Theorem	leibpisum 26920	The Leibniz formula for π. This version of leibpi 26919 looks nicer but does not assert that the series is convergent so is not as practically useful. (Contributed by Mario Carneiro, 7-Apr-2015.)
⊢ Σ𝑛 ∈ ℕ0 ((-1↑𝑛) / ((2 · 𝑛) + 1)) = (π / 4)
Theorem	log2cnv 26921	Using the Taylor series for arctan(i / 3), produce a rapidly convergent series for log2. (Contributed by Mario Carneiro, 7-Apr-2015.)
⊢ 𝐹 = (𝑛 ∈ ℕ0 ↦ (2 / ((3 · ((2 · 𝑛) + 1)) · (9↑𝑛))))    ⇒   ⊢ seq0( + , 𝐹) ⇝ (log‘2)
Theorem	log2tlbnd 26922*	Bound the error term in the series of log2cnv 26921. (Contributed by Mario Carneiro, 7-Apr-2015.)
⊢ (𝑁 ∈ ℕ0 → ((log‘2) − Σ𝑛 ∈ (0...(𝑁 − 1))(2 / ((3 · ((2 · 𝑛) + 1)) · (9↑𝑛)))) ∈ (0[,](3 / ((4 · ((2 · 𝑁) + 1)) · (9↑𝑁)))))
14.3.9  The Birthday Problem
Theorem	log2ublem1 26923	Lemma for log2ub 26926. The proof of log2ub 26926, which is simply the evaluation of log2tlbnd 26922 for 𝑁 = 4, takes the form of the addition of five fractions and showing this is less than another fraction. We could just perform exact arithmetic on these fractions, get a large rational number, and just multiply everything to verify the claim, but as anyone who uses decimal numbers for this task knows, it is often better to pick a common denominator 𝑑 (usually a large power of 10) and work with the closest approximations of the form 𝑛 / 𝑑 for some integer 𝑛 instead. It turns out that for our purposes it is sufficient to take 𝑑 = (3↑7) · 5 · 7, which is also nice because it shares many factors in common with the fractions in question. (Contributed by Mario Carneiro, 17-Apr-2015.)

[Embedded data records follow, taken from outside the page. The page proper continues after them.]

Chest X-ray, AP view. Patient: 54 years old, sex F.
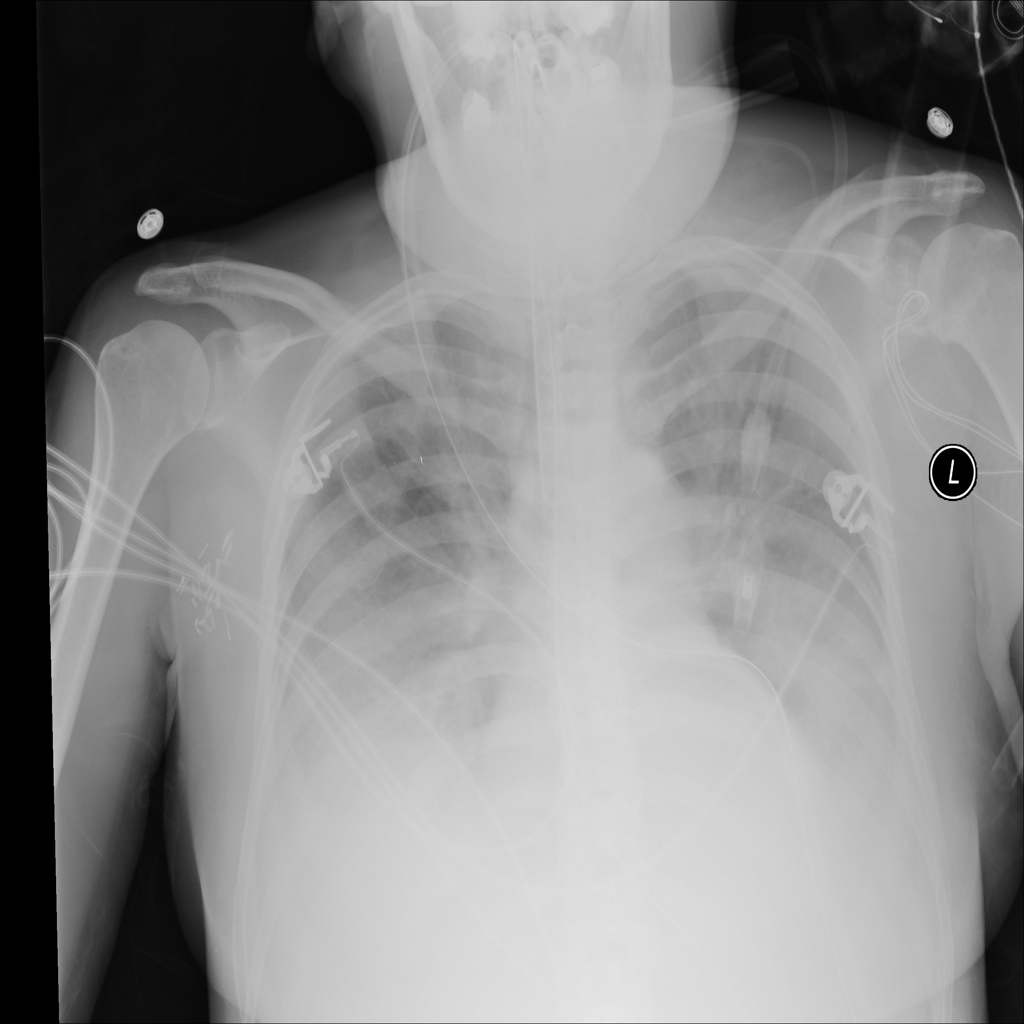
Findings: No Finding

⊢ (((3↑7) · (5 · 7)) · 𝐴) ≤ 𝐵    &   ⊢ 𝐴 ∈ ℝ    &   ⊢ 𝐷 ∈ ℕ0    &   ⊢ 𝐸 ∈ ℕ    &   ⊢ 𝐵 ∈ ℕ0    &   ⊢ 𝐹 ∈ ℕ0    &   ⊢ 𝐶 = (𝐴 + (𝐷 / 𝐸))    &   ⊢ (𝐵 + 𝐹) = 𝐺    &   ⊢ (((3↑7) · (5 · 7)) · 𝐷) ≤ (𝐸 · 𝐹)    ⇒   ⊢ (((3↑7) · (5 · 7)) · 𝐶) ≤ 𝐺
Theorem	log2ublem2 26924*	Lemma for log2ub 26926. (Contributed by Mario Carneiro, 17-Apr-2015.)
⊢ (((3↑7) · (5 · 7)) · Σ𝑛 ∈ (0...𝐾)(2 / ((3 · ((2 · 𝑛) + 1)) · (9↑𝑛)))) ≤ (2 · 𝐵)    &   ⊢ 𝐵 ∈ ℕ0    &   ⊢ 𝐹 ∈ ℕ0    &   ⊢ 𝑁 ∈ ℕ0    &   ⊢ (𝑁 − 1) = 𝐾    &   ⊢ (𝐵 + 𝐹) = 𝐺    &   ⊢ 𝑀 ∈ ℕ0    &   ⊢ (𝑀 + 𝑁) = 3    &   ⊢ ((5 · 7) · (9↑𝑀)) = (((2 · 𝑁) + 1) · 𝐹)    ⇒   ⊢ (((3↑7) · (5 · 7)) · Σ𝑛 ∈ (0...𝑁)(2 / ((3 · ((2 · 𝑛) + 1)) · (9↑𝑛)))) ≤ (2 · 𝐺)
Theorem	log2ublem3 26925	Lemma for log2ub 26926. In decimal, this is a proof that the first four terms of the series for log2 is less than 53056 / 76545. (Contributed by Mario Carneiro, 17-Apr-2015.) (Proof shortened by AV, 15-Sep-2021.)
⊢ (((3↑7) · (5 · 7)) · Σ𝑛 ∈ (0...3)(2 / ((3 · ((2 · 𝑛) + 1)) · (9↑𝑛)))) ≤ ;;;;53056
Theorem	log2ub 26926	log2 is less than 253 / 365. If written in decimal, this is because log2 = 0.693147... is less than 253/365 = 0.693151... , so this is a very tight bound, at five decimal places. (Contributed by Mario Carneiro, 7-Apr-2015.) (Proof shortened by AV, 16-Sep-2021.)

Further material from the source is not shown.